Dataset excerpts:
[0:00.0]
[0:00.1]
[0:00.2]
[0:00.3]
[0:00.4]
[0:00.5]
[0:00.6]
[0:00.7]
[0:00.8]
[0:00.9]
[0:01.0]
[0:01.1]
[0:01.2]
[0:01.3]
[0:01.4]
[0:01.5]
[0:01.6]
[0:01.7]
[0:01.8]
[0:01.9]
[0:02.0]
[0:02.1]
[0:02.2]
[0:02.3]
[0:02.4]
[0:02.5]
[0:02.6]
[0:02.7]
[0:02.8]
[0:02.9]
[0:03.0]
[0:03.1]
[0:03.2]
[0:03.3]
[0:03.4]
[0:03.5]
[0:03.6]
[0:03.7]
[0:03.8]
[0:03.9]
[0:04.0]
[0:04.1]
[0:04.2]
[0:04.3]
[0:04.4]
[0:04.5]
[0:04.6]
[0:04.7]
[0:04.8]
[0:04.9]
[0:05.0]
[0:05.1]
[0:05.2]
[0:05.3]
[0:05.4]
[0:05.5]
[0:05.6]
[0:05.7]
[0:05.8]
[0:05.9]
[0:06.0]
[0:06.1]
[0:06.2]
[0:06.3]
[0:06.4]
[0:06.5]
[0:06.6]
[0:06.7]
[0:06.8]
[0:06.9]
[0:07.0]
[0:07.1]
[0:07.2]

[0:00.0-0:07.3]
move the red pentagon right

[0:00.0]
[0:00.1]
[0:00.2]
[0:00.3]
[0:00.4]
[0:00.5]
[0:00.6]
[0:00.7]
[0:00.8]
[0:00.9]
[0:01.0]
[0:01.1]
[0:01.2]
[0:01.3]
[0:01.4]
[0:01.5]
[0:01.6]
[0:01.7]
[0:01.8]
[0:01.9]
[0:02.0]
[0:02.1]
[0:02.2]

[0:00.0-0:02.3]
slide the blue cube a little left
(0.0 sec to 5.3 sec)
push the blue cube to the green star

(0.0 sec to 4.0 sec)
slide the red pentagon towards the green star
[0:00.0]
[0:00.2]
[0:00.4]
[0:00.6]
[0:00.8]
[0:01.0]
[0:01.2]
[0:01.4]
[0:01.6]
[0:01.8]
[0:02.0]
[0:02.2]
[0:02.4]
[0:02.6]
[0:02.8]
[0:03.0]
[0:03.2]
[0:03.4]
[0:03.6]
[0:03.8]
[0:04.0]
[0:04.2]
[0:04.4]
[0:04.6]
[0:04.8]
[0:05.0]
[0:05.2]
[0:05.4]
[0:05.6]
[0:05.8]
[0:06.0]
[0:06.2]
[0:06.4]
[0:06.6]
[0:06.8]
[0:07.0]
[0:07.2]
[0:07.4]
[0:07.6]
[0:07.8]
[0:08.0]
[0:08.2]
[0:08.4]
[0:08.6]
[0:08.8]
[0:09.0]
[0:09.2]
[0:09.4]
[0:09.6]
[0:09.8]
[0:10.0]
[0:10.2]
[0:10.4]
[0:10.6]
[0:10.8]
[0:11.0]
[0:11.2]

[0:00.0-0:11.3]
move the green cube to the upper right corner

## Exercise instructions
Transcribe the data above exactly as it reads.

## Expected output
[0:00.0]
[0:00.1]
[0:00.2]
[0:00.3]
[0:00.4]
[0:00.5]
[0:00.6]
[0:00.7]
[0:00.8]
[0:00.9]
[0:01.0]
[0:01.1]
[0:01.2]
[0:01.3]
[0:01.4]
[0:01.5]
[0:01.6]
[0:01.7]
[0:01.8]
[0:01.9]
[0:02.0]
[0:02.1]
[0:02.2]
[0:02.3]
[0:02.4]
[0:02.5]
[0:02.6]
[0:02.7]
[0:02.8]
[0:02.9]
[0:03.0]
[0:03.1]
[0:03.2]
[0:03.3]
[0:03.4]
[0:03.5]
[0:03.6]
[0:03.7]
[0:03.8]
[0:03.9]
[0:04.0]
[0:04.1]
[0:04.2]
[0:04.3]
[0:04.4]
[0:04.5]
[0:04.6]
[0:04.7]
[0:04.8]
[0:04.9]
[0:05.0]
[0:05.1]
[0:05.2]
[0:05.3]
[0:05.4]
[0:05.5]
[0:05.6]
[0:05.7]
[0:05.8]
[0:05.9]
[0:06.0]
[0:06.1]
[0:06.2]
[0:06.3]
[0:06.4]
[0:06.5]
[0:06.6]
[0:06.7]
[0:06.8]
[0:06.9]
[0:07.0]
[0:07.1]
[0:07.2]

[0:00.0-0:07.3]
move the red pentagon right

[0:00.0]
[0:00.1]
[0:00.2]
[0:00.3]
[0:00.4]
[0:00.5]
[0:00.6]
[0:00.7]
[0:00.8]
[0:00.9]
[0:01.0]
[0:01.1]
[0:01.2]
[0:01.3]
[0:01.4]
[0:01.5]
[0:01.6]
[0:01.7]
[0:01.8]
[0:01.9]
[0:02.0]
[0:02.1]
[0:02.2]

[0:00.0-0:02.3]
slide the blue cube a little left
(0.0 sec to 5.3 sec)
push the blue cube to the green star

(0.0 sec to 4.0 sec)
slide the red pentagon towards the green star
[0:00.0]
[0:00.2]
[0:00.4]
[0:00.6]
[0:00.8]
[0:01.0]
[0:01.2]
[0:01.4]
[0:01.6]
[0:01.8]
[0:02.0]
[0:02.2]
[0:02.4]
[0:02.6]
[0:02.8]
[0:03.0]
[0:03.2]
[0:03.4]
[0:03.6]
[0:03.8]
[0:04.0]
[0:04.2]
[0:04.4]
[0:04.6]
[0:04.8]
[0:05.0]
[0:05.2]
[0:05.4]
[0:05.6]
[0:05.8]
[0:06.0]
[0:06.2]
[0:06.4]
[0:06.6]
[0:06.8]
[0:07.0]
[0:07.2]
[0:07.4]
[0:07.6]
[0:07.8]
[0:08.0]
[0:08.2]
[0:08.4]
[0:08.6]
[0:08.8]
[0:09.0]
[0:09.2]
[0:09.4]
[0:09.6]
[0:09.8]
[0:10.0]
[0:10.2]
[0:10.4]
[0:10.6]
[0:10.8]
[0:11.0]
[0:11.2]

[0:00.0-0:11.3]
move the green cube to the upper right corner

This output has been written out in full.